» **The problem**
Look through the records below and copy each line that includes the word "class".

» **Given records**

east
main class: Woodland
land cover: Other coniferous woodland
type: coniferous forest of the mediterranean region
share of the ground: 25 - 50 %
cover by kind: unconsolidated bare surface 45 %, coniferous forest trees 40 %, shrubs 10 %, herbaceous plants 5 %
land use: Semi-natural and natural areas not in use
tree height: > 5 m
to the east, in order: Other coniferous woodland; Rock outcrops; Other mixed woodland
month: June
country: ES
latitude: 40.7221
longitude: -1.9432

==

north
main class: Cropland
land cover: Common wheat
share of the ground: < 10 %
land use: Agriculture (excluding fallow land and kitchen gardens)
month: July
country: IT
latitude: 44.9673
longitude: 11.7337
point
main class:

---

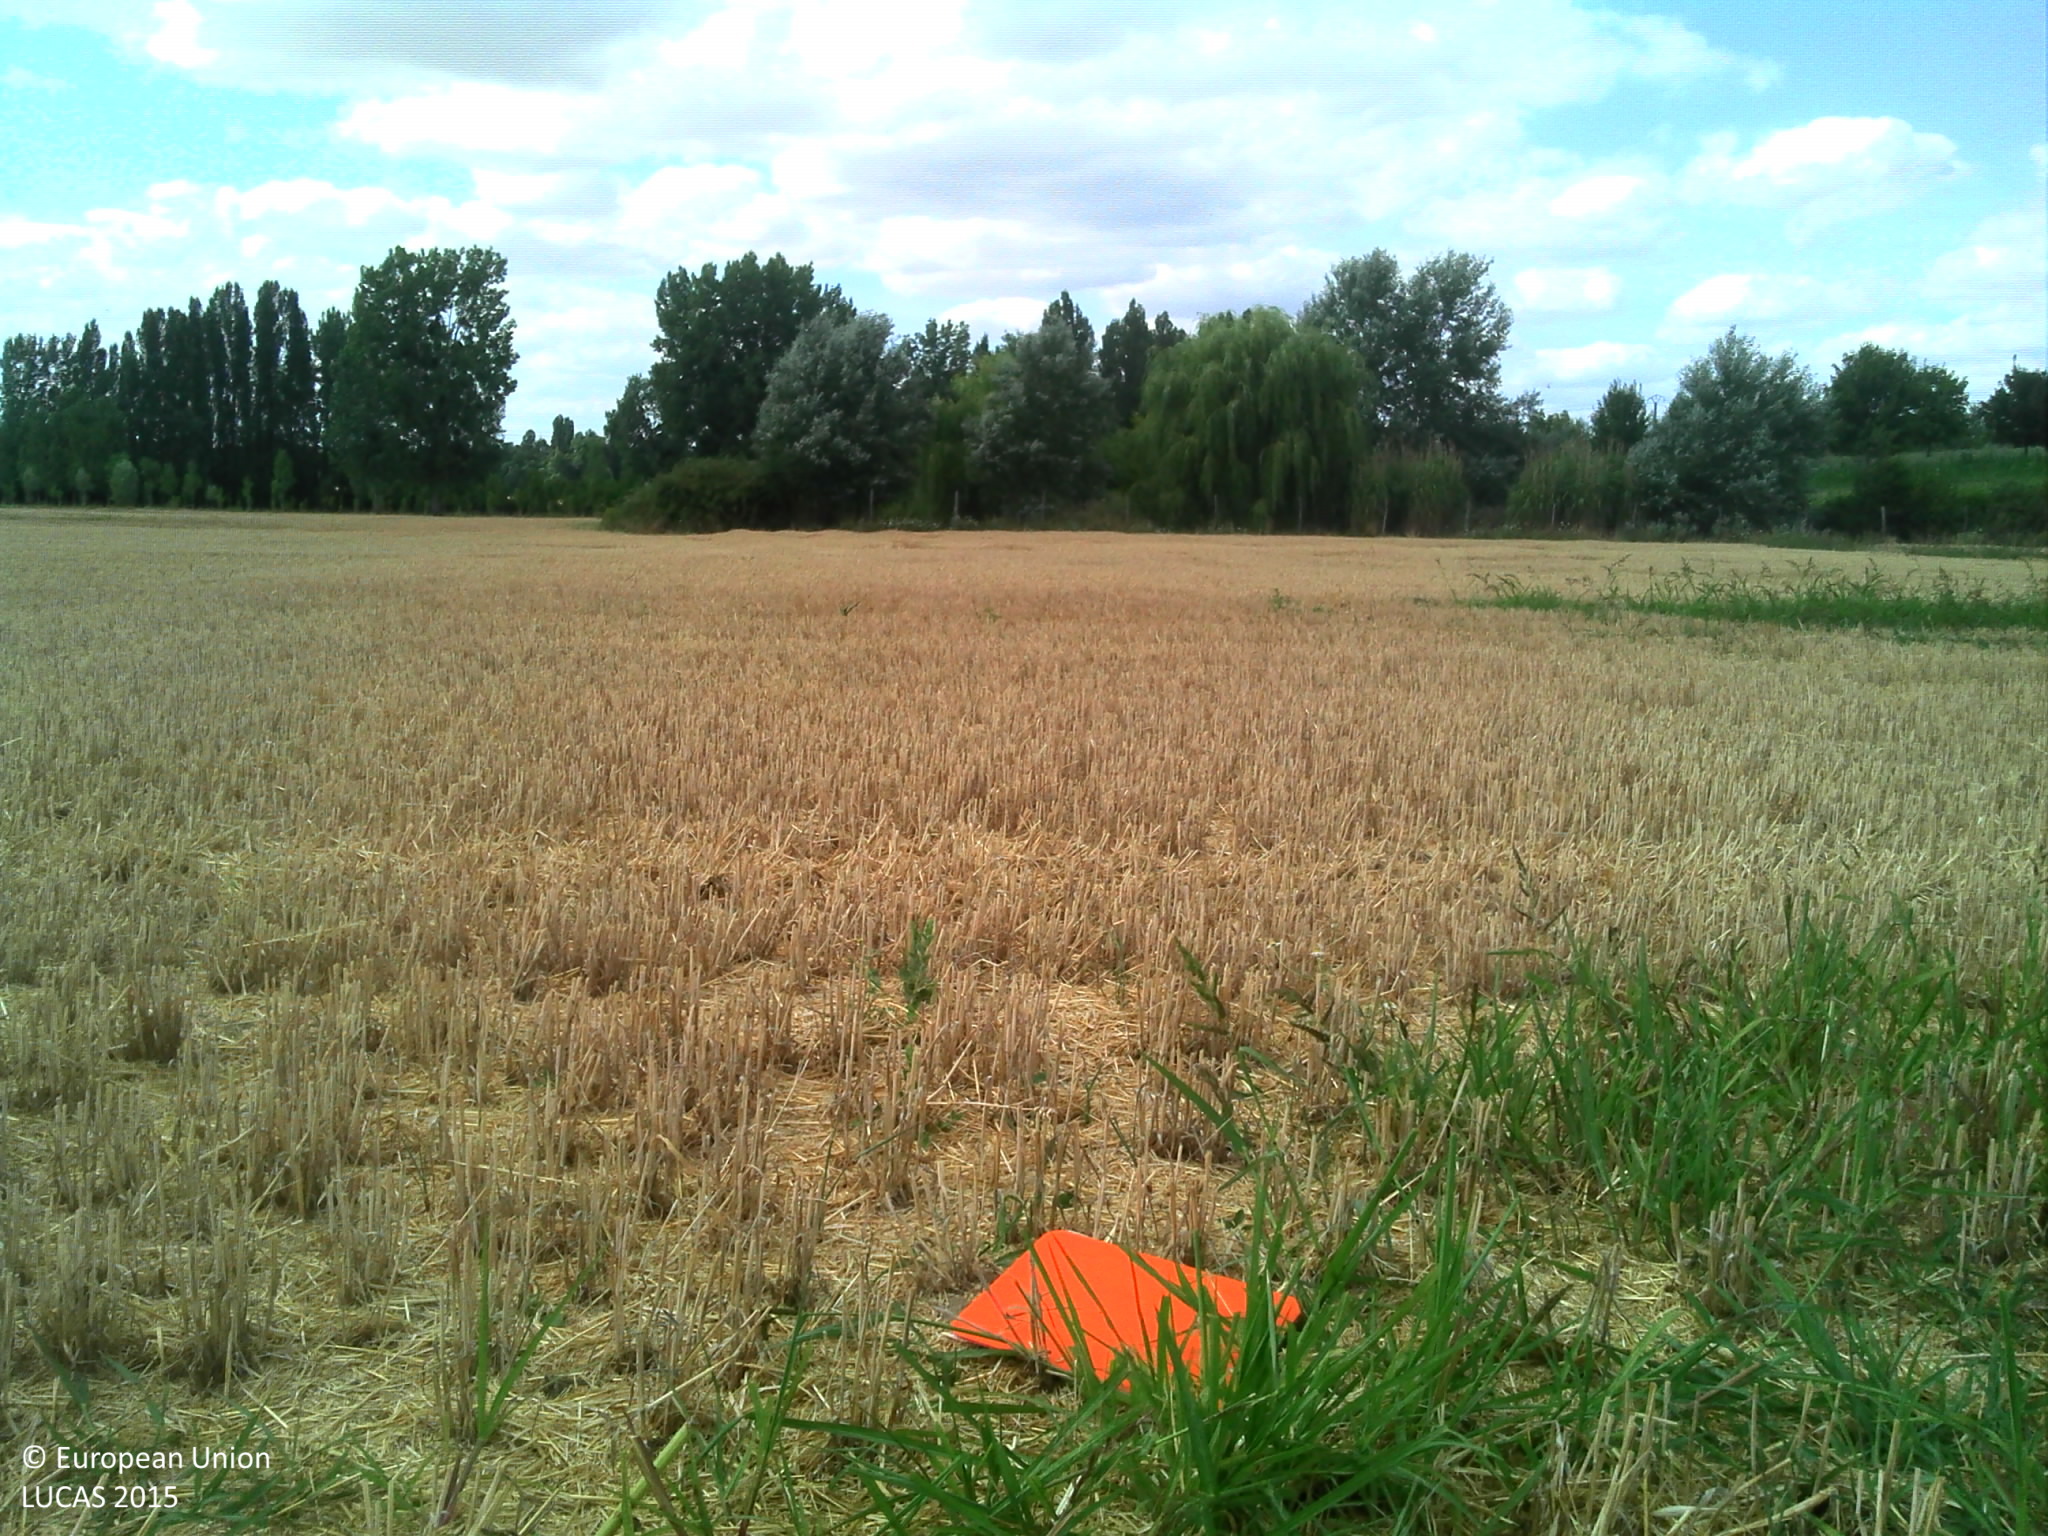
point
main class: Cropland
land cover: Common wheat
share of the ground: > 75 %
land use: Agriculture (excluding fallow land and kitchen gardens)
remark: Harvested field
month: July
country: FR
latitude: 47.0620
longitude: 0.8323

» **Reply to the exercise**
main class: Woodland
main class: Cropland
main class:
main class: Cropland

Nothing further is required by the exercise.